Based on the fairness opinion issued by the Independent Expert, as well as the financial analysis conducted by GRUMA's management, GRUMA believes that, at the agreed values for the Transaction, even in the event that part or all of the contingent payment is realized, and considering the higher majority net income that GRUMA will obtain due to the increase of GRUMA's interest in Azteca Milling and Molinera, the Transaction will generate a significant economic benefit and substantial creation of value for GRUMA (and thus, a benefit to all of its shareholders, without distinction, on an equal basis). Additionally, the Transaction will involve a reduction in the number of outstanding shares of GRUMA, which will consequently increase the shareholders' percentage of ownership in GRUMA and an increase in the percentage of shares that are considered held by the public.
GRUMA will focus its efforts to lower its level of indebtedness and will use future resources generated mainly to strengthen its financial structure.
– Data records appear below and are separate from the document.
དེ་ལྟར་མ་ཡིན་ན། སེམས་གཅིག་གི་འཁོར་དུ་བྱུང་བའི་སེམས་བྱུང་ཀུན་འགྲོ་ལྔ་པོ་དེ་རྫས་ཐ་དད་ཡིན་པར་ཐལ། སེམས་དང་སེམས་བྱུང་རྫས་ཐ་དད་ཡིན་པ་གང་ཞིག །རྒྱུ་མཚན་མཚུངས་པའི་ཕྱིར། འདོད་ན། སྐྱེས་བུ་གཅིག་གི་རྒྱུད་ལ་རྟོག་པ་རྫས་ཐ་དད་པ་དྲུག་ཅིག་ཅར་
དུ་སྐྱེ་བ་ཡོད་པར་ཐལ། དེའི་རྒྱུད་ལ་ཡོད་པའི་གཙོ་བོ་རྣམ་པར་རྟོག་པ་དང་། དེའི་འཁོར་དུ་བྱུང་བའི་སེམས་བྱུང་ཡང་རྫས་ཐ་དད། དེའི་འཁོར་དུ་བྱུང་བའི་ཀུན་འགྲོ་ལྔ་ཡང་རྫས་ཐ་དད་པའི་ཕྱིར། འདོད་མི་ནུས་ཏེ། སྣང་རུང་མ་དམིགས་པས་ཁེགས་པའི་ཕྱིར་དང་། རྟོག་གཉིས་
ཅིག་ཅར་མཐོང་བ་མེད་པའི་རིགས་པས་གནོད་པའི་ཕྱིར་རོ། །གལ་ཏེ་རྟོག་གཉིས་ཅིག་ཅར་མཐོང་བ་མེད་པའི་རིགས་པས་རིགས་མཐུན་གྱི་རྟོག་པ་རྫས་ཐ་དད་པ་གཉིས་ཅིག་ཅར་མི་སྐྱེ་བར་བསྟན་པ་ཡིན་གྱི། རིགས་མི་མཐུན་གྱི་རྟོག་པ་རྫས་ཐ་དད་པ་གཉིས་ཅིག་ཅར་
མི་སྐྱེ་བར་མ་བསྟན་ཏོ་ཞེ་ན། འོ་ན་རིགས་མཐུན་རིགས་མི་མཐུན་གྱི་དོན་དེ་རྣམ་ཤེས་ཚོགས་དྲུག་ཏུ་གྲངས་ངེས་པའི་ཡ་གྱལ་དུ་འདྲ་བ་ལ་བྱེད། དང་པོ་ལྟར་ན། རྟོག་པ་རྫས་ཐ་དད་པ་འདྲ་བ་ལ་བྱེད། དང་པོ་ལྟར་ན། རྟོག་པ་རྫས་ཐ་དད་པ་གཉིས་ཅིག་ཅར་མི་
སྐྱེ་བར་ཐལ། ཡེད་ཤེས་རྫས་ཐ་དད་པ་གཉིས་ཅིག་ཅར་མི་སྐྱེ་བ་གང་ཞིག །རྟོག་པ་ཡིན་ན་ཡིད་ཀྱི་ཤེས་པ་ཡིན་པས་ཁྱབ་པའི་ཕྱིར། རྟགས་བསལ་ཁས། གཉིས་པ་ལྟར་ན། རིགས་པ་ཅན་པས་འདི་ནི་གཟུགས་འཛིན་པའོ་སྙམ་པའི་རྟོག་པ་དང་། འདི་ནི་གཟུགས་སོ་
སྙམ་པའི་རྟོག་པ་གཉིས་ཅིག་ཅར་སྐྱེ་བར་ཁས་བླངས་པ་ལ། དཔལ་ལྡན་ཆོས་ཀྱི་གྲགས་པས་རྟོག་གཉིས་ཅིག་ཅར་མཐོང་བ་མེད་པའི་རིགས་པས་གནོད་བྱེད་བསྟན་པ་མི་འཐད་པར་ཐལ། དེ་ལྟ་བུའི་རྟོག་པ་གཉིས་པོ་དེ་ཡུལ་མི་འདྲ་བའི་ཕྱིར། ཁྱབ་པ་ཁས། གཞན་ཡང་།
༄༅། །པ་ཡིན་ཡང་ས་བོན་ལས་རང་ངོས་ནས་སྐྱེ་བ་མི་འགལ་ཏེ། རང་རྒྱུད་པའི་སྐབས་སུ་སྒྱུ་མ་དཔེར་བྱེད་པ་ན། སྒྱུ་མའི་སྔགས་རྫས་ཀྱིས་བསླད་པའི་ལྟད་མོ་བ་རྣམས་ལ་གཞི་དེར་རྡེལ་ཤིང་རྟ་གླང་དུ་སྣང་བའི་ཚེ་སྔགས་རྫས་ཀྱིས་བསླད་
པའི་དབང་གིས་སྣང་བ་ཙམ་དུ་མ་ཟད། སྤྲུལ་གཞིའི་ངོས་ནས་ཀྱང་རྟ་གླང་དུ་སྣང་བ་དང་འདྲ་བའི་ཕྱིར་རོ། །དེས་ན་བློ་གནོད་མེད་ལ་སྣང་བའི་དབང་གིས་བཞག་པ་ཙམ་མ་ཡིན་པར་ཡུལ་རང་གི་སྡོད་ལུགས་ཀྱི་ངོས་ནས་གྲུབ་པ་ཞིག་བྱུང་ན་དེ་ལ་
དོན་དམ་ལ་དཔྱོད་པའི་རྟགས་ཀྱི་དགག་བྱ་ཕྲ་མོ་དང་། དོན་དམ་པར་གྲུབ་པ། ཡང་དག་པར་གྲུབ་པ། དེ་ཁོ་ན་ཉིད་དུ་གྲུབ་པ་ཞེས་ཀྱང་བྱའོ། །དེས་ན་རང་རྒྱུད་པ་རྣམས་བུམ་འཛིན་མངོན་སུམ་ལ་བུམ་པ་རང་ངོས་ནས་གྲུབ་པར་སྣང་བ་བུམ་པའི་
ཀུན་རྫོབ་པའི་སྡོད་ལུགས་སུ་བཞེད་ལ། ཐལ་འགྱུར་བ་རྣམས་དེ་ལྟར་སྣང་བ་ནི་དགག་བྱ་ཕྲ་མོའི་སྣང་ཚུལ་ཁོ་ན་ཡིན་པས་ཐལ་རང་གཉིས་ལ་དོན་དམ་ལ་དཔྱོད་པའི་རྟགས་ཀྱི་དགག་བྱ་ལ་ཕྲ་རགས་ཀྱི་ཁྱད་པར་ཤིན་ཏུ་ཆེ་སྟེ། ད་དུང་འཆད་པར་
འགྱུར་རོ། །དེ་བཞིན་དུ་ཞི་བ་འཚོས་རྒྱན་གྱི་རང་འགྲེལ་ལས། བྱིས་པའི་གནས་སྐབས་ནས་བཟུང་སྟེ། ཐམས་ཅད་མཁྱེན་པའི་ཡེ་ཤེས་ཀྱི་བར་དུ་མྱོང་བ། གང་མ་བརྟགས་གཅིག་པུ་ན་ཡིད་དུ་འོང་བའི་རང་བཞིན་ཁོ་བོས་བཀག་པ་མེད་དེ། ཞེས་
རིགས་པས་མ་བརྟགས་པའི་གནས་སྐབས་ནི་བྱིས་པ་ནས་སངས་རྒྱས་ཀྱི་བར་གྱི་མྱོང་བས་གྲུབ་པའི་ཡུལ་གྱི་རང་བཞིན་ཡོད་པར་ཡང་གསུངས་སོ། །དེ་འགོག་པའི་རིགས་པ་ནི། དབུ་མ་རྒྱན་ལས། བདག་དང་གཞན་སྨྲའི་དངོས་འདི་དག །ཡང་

With respect to the acquisition of 18.81% of the shares issued by GRUMA, the Transaction was not executed through a public offer given that it was made through the exercise of an option, in strict compliance with the contractual covenants contained in the strategic agreements of 1996 that were entered into with the Strategic Partner. Such agreements are acknowledged in GRUMA's bylaws and their existence and terms were timely disclosed to the Mexican Stock Exchange and to the public and have thereafter continued to be annually disclosed in GRUMA's annual report. Such acquisition was carried out against GRUMA's shareholders equity, using funds reserved for the purchase of GRUMA's own shares authorized by GRUMA's General Ordinary Shareholders' Meeting.
As a result of the Transaction, Mark Kolkhorst and Federico Gorbea Quintero, who acted as members of GRUMA's Board of Directors designated by the Strategic Partner, and their corresponding alternate directors, Vikram Luthar and Ray G. Young, have presented their resignation as members of GRUMA's Board of Directors.
GRUMA, S.A.B. de C.V., is one of the world's leading tortilla and corn flour producers. GRUMA was founded in 1949 and is engaged primarily in the production, marketing, distribution, and sale of tortillas, corn flour, and wheat flour. With leading brands in most of its markets, GRUMA has operations in the United States, Mexico, Venezuela, Central America, Europe, Asia, and Australia and exports to more than 100 countries worldwide. GRUMA is headquartered in Monterrey, Mexico, and has approximately 21,000 employees and 99 plants. In 2011, GRUMA had net sales of US$4.1 billion, of which 66% came from non-Mexican operations.
This report may contain certain forward-looking statements and information relating to GRUMA, S.A.B. de C.V., and its subsidiaries (collectively, "GRUMA") that are based on the beliefs of its management as well as assumptions made by and information then available to GRUMA. Such statements reflect the views of GRUMA with respect to future events and are subject to certain risks, uncertainties, and assumptions. Many factors could cause the actual results, performance, or achievements of GRUMA to be materially different from historical results or any future results, performance, or achievements that may be expressed or implied by such forward-looking statements. Such factors include, among others, changes in economic, political, social, governmental, business, or other factors globally or in Mexico, the United States, Latin America, or any other countries in which GRUMA does business, and world corn and wheat prices. If one or more of these risks or uncertainties materializes, or underlying assumptions are proven incorrect, actual results may vary materially from those described herein as anticipated, believed, estimated, expected, or targeted. GRUMA does not intend, and undertakes no obligation, to publicly update or revise any forward-looking statements, whether as a result of new information, future events, or otherwise.